-- Source data --

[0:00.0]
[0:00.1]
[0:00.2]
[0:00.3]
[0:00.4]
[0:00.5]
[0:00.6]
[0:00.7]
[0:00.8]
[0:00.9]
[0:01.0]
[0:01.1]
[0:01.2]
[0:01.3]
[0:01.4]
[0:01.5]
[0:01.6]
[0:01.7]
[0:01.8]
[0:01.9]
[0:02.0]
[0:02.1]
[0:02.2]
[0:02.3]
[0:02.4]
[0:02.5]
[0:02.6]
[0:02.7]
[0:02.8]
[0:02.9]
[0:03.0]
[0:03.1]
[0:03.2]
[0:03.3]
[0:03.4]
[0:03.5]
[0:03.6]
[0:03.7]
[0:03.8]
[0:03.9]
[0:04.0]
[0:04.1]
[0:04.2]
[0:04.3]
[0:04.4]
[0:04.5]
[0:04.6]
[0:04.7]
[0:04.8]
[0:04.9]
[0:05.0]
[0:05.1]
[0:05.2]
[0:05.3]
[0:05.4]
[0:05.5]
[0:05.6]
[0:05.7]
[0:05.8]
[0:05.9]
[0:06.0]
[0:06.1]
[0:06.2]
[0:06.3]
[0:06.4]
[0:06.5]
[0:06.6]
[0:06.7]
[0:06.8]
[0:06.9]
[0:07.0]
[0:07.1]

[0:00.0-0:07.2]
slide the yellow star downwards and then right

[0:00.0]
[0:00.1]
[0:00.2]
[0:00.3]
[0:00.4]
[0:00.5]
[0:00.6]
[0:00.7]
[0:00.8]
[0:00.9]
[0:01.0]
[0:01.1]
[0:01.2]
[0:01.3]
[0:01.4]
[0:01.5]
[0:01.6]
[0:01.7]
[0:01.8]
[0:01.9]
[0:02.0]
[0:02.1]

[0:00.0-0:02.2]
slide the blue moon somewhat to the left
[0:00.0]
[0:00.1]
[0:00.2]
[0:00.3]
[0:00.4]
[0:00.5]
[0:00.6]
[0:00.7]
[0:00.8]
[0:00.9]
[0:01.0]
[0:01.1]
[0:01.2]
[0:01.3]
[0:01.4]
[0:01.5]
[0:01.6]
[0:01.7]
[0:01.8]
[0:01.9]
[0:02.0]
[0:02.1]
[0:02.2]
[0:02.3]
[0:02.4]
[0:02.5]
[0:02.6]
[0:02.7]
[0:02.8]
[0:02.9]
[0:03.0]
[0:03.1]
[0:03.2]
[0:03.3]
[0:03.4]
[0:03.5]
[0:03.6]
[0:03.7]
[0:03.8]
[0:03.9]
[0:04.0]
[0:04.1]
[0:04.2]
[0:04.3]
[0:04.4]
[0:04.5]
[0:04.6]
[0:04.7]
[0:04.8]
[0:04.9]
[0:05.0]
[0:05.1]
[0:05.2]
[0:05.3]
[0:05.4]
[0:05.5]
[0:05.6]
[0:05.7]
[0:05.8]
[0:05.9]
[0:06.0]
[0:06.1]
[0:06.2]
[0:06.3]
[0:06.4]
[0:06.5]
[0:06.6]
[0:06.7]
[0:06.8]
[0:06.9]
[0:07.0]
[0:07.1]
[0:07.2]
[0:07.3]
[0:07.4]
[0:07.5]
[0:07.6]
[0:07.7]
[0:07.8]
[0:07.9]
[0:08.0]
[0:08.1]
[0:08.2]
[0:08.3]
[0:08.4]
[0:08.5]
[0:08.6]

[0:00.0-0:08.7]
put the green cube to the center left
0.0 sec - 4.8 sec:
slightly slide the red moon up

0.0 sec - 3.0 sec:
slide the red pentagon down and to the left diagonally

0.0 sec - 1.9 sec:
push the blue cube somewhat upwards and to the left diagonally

-- Exercise prompt --
Please copy out the preceding data in full, exactly as written.

-- The completed task --
[0:00.0]
[0:00.1]
[0:00.2]
[0:00.3]
[0:00.4]
[0:00.5]
[0:00.6]
[0:00.7]
[0:00.8]
[0:00.9]
[0:01.0]
[0:01.1]
[0:01.2]
[0:01.3]
[0:01.4]
[0:01.5]
[0:01.6]
[0:01.7]
[0:01.8]
[0:01.9]
[0:02.0]
[0:02.1]
[0:02.2]
[0:02.3]
[0:02.4]
[0:02.5]
[0:02.6]
[0:02.7]
[0:02.8]
[0:02.9]
[0:03.0]
[0:03.1]
[0:03.2]
[0:03.3]
[0:03.4]
[0:03.5]
[0:03.6]
[0:03.7]
[0:03.8]
[0:03.9]
[0:04.0]
[0:04.1]
[0:04.2]
[0:04.3]
[0:04.4]
[0:04.5]
[0:04.6]
[0:04.7]
[0:04.8]
[0:04.9]
[0:05.0]
[0:05.1]
[0:05.2]
[0:05.3]
[0:05.4]
[0:05.5]
[0:05.6]
[0:05.7]
[0:05.8]
[0:05.9]
[0:06.0]
[0:06.1]
[0:06.2]
[0:06.3]
[0:06.4]
[0:06.5]
[0:06.6]
[0:06.7]
[0:06.8]
[0:06.9]
[0:07.0]
[0:07.1]

[0:00.0-0:07.2]
slide the yellow star downwards and then right

[0:00.0]
[0:00.1]
[0:00.2]
[0:00.3]
[0:00.4]
[0:00.5]
[0:00.6]
[0:00.7]
[0:00.8]
[0:00.9]
[0:01.0]
[0:01.1]
[0:01.2]
[0:01.3]
[0:01.4]
[0:01.5]
[0:01.6]
[0:01.7]
[0:01.8]
[0:01.9]
[0:02.0]
[0:02.1]

[0:00.0-0:02.2]
slide the blue moon somewhat to the left
[0:00.0]
[0:00.1]
[0:00.2]
[0:00.3]
[0:00.4]
[0:00.5]
[0:00.6]
[0:00.7]
[0:00.8]
[0:00.9]
[0:01.0]
[0:01.1]
[0:01.2]
[0:01.3]
[0:01.4]
[0:01.5]
[0:01.6]
[0:01.7]
[0:01.8]
[0:01.9]
[0:02.0]
[0:02.1]
[0:02.2]
[0:02.3]
[0:02.4]
[0:02.5]
[0:02.6]
[0:02.7]
[0:02.8]
[0:02.9]
[0:03.0]
[0:03.1]
[0:03.2]
[0:03.3]
[0:03.4]
[0:03.5]
[0:03.6]
[0:03.7]
[0:03.8]
[0:03.9]
[0:04.0]
[0:04.1]
[0:04.2]
[0:04.3]
[0:04.4]
[0:04.5]
[0:04.6]
[0:04.7]
[0:04.8]
[0:04.9]
[0:05.0]
[0:05.1]
[0:05.2]
[0:05.3]
[0:05.4]
[0:05.5]
[0:05.6]
[0:05.7]
[0:05.8]
[0:05.9]
[0:06.0]
[0:06.1]
[0:06.2]
[0:06.3]
[0:06.4]
[0:06.5]
[0:06.6]
[0:06.7]
[0:06.8]
[0:06.9]
[0:07.0]
[0:07.1]
[0:07.2]
[0:07.3]
[0:07.4]
[0:07.5]
[0:07.6]
[0:07.7]
[0:07.8]
[0:07.9]
[0:08.0]
[0:08.1]
[0:08.2]
[0:08.3]
[0:08.4]
[0:08.5]
[0:08.6]

[0:00.0-0:08.7]
put the green cube to the center left
0.0 sec - 4.8 sec:
slightly slide the red moon up

0.0 sec - 3.0 sec:
slide the red pentagon down and to the left diagonally

0.0 sec - 1.9 sec:
push the blue cube somewhat upwards and to the left diagonally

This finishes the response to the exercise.